**AIM OF THE EXERCISE:** Output the data word for word, dropping every image.

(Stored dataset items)
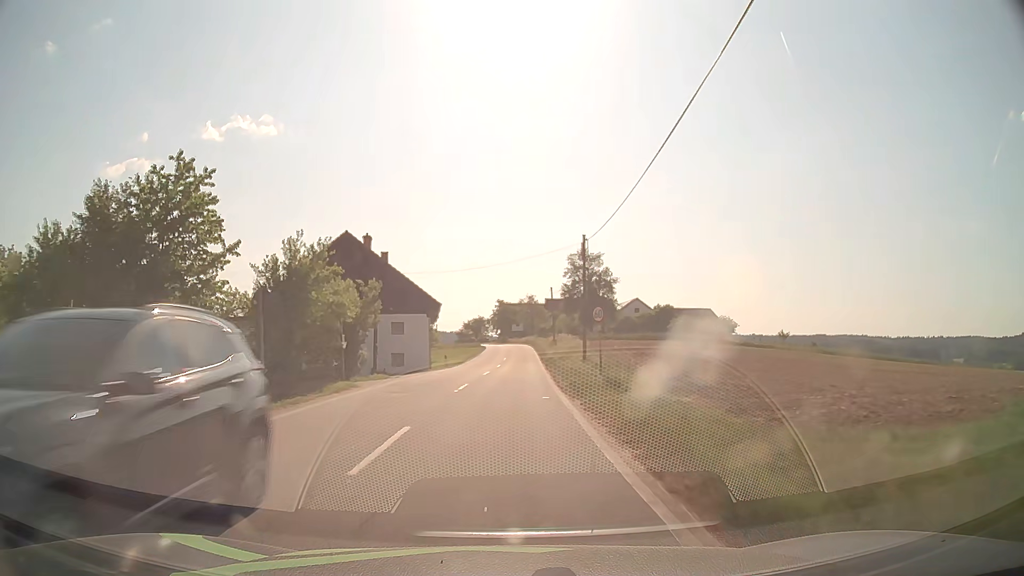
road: tertiary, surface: asphalt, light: Day
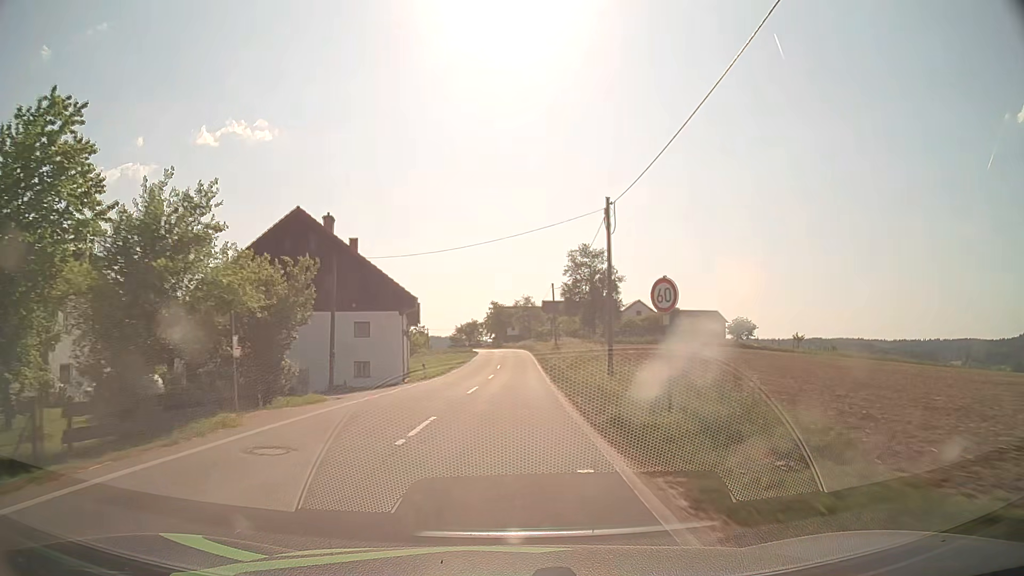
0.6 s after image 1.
(0.0, +9.2) m; 0°
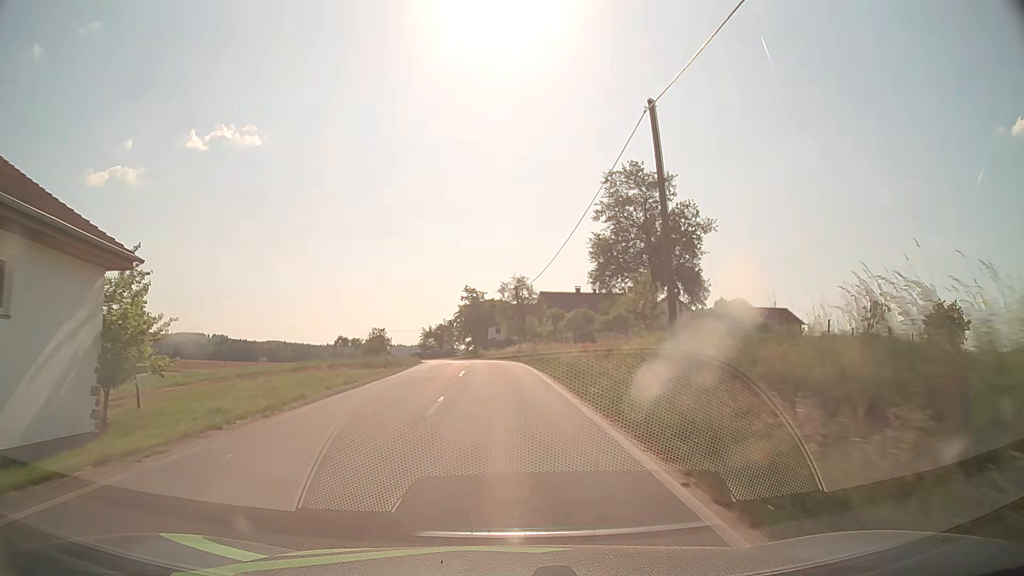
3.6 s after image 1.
(+0.8, +45.7) m; +2°
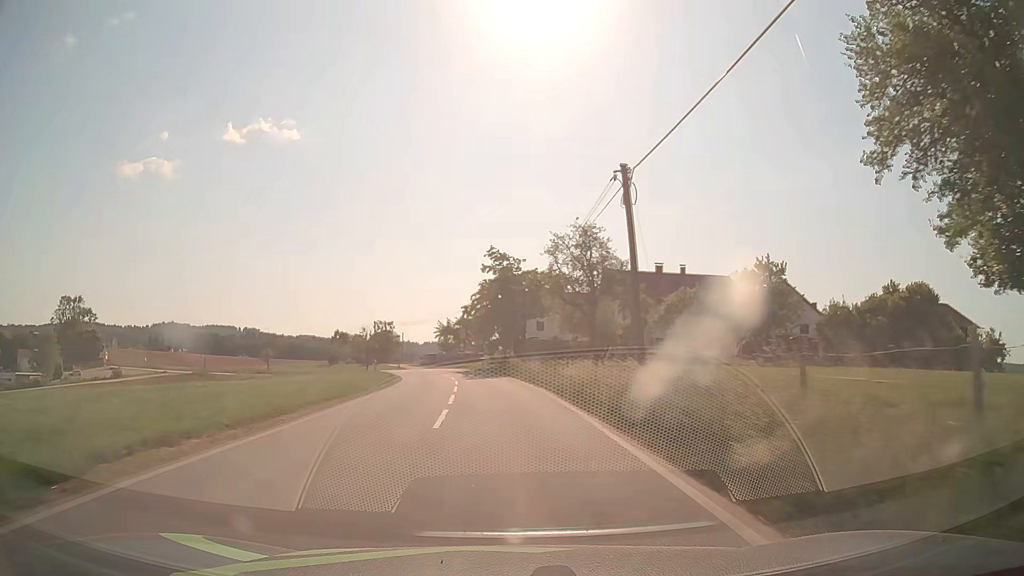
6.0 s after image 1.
(-1.0, +35.9) m; -3°
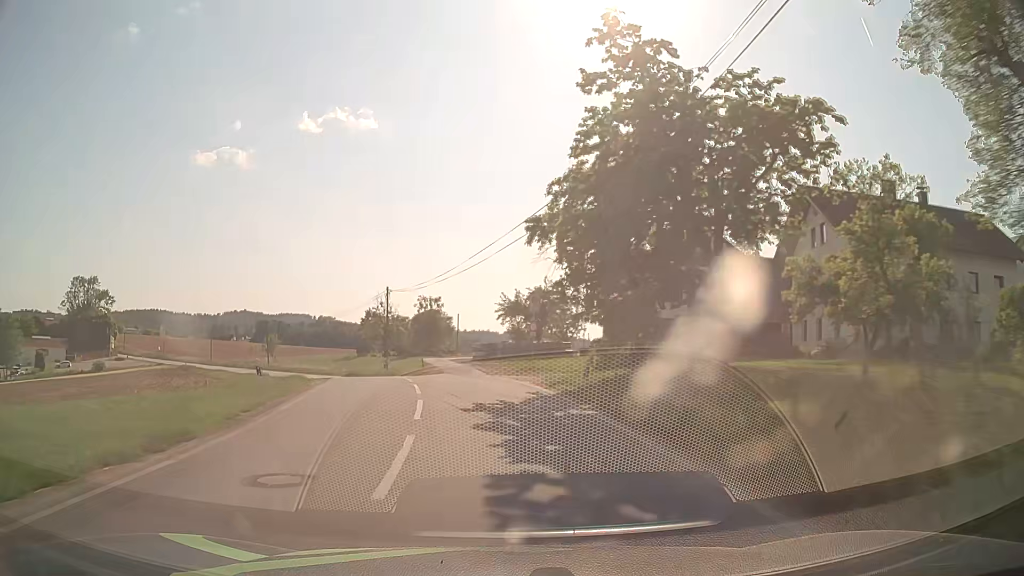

**SOLUTION:**
road: tertiary, surface: asphalt, light: Day
0.6 s after image 1.
(0.0, +9.2) m; 0°
3.6 s after image 1.
(+0.8, +45.7) m; +2°
6.0 s after image 1.
(-1.0, +35.9) m; -3°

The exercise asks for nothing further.